It's that Song from Rent you know?
"Seasons of love"
"In Day lights, In Sunsets, In Inches in Cups of Coffee? How do you measure the moments of a life?"
Blah,I hate when I feel Like this. It's for sure a cruddy feeling. I just kinda wanna cry and sit in a corner but it just makes that worst to do that you know?
"Five hundred twenty-five thousand six hundred minutes."
And I spend them thinking of things I don't have or never will.
About the future that will never come because today is tomorrow before you know it.
What do you do?
When your taught to "Look towards the future."

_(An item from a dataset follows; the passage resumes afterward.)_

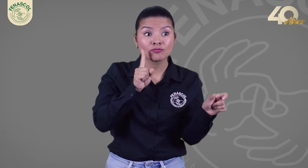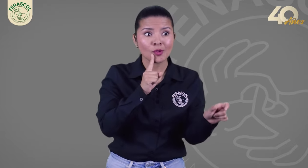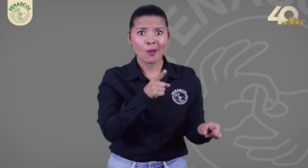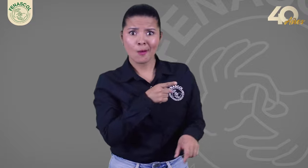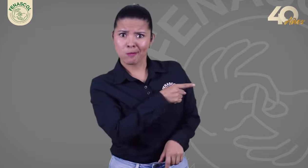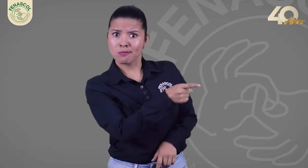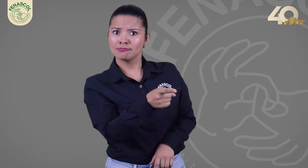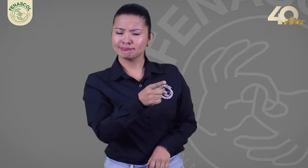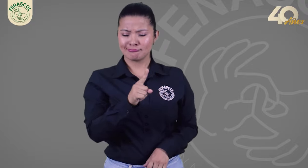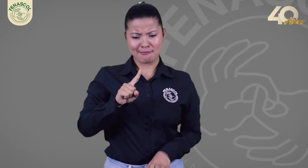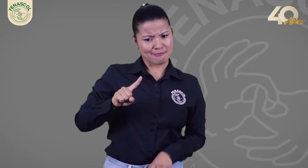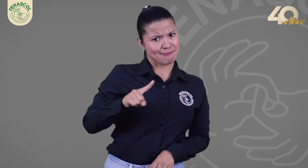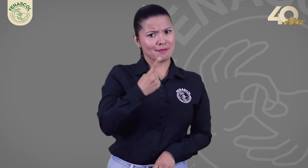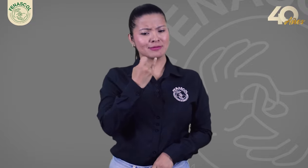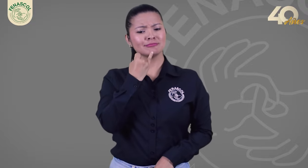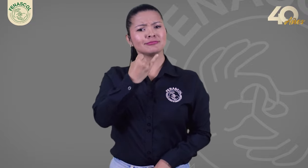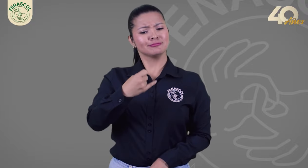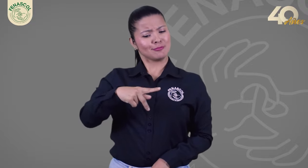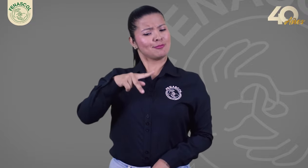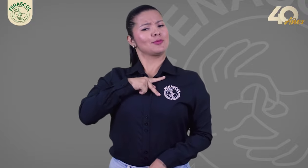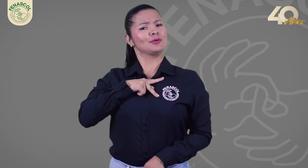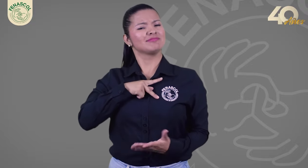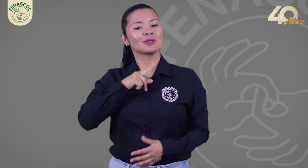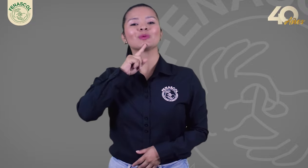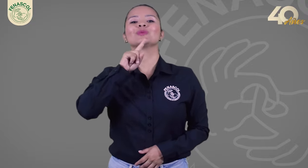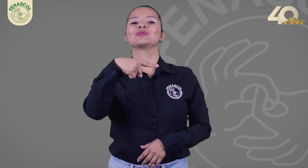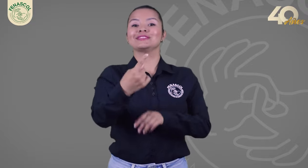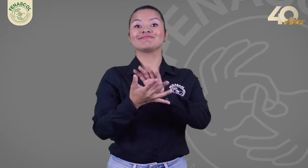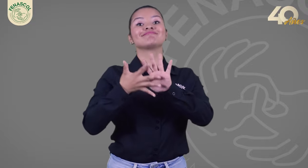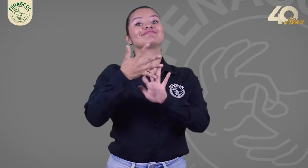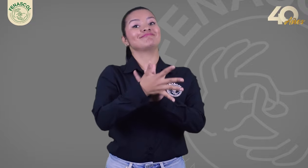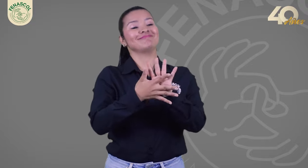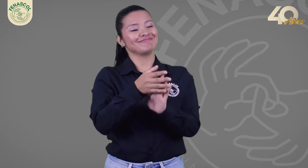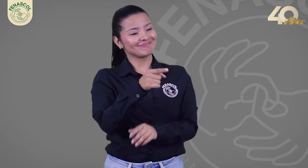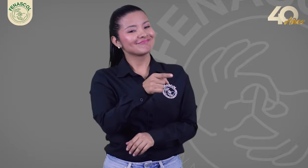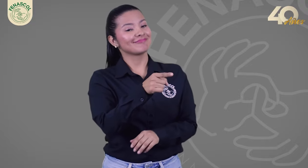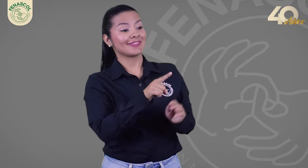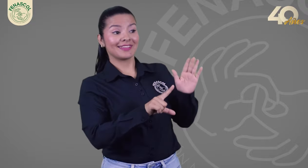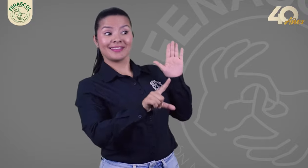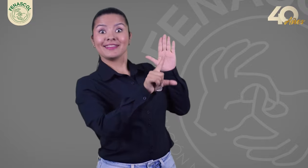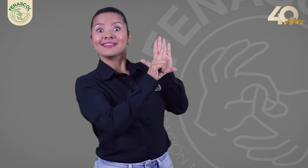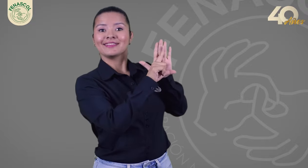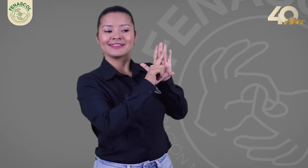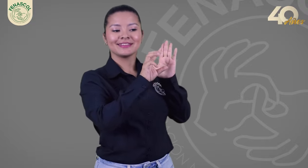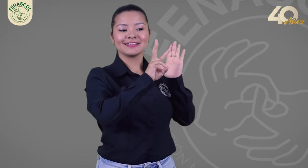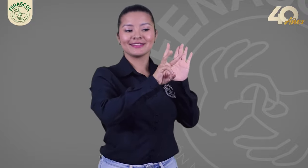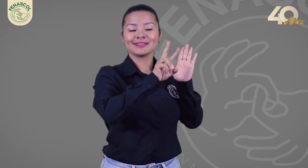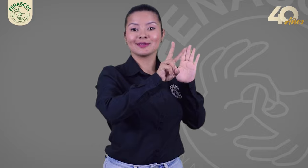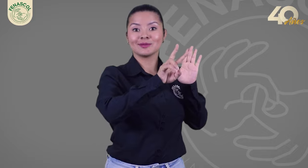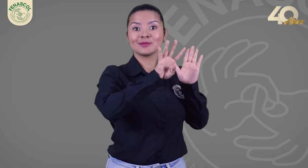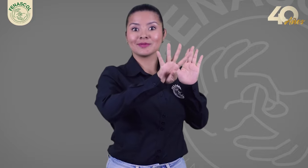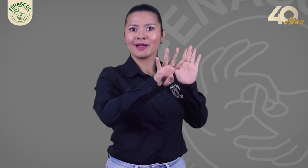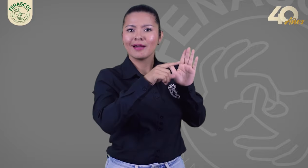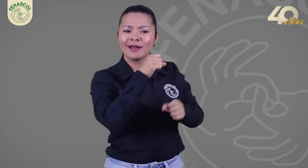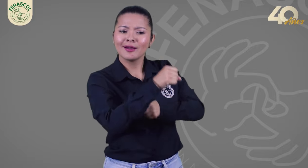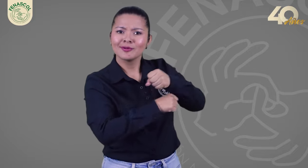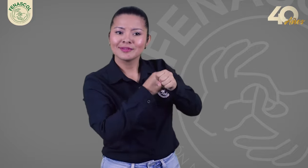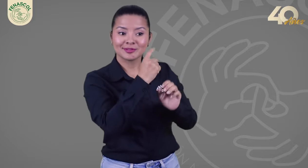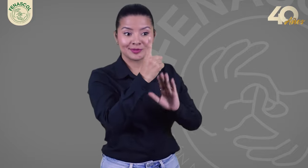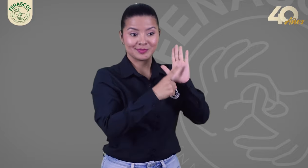Así, las personas sordas empezaron a reconocer su primera lengua la lengua de señas la cual fue

How do you measure your worth when you have nothing to compare it to?
Do I love enough?
Do I do enough?
Am I a cope out?
Do I do too much?
Do people not take me seriously?
Do I do what I do with a reason?
Does everything need a reason?
I want to celebrate. I want to be above myself and my own pitiful wonderings. But how does one get above themselves?
Merrrr......I need to just simply chill and be myself but I'm having a problem of " Do I like who I am? I know who I am....But am I happy with that?"
"There's no day but today"
"I can't control my Destiny."
"Will I wake tomorrow from this nightmare?"
"Without you.......I have nothing...Without me...There is nothing. I have nothing but you to lean on and nothing but myself to blame. I'll die without you and I'll die without myself."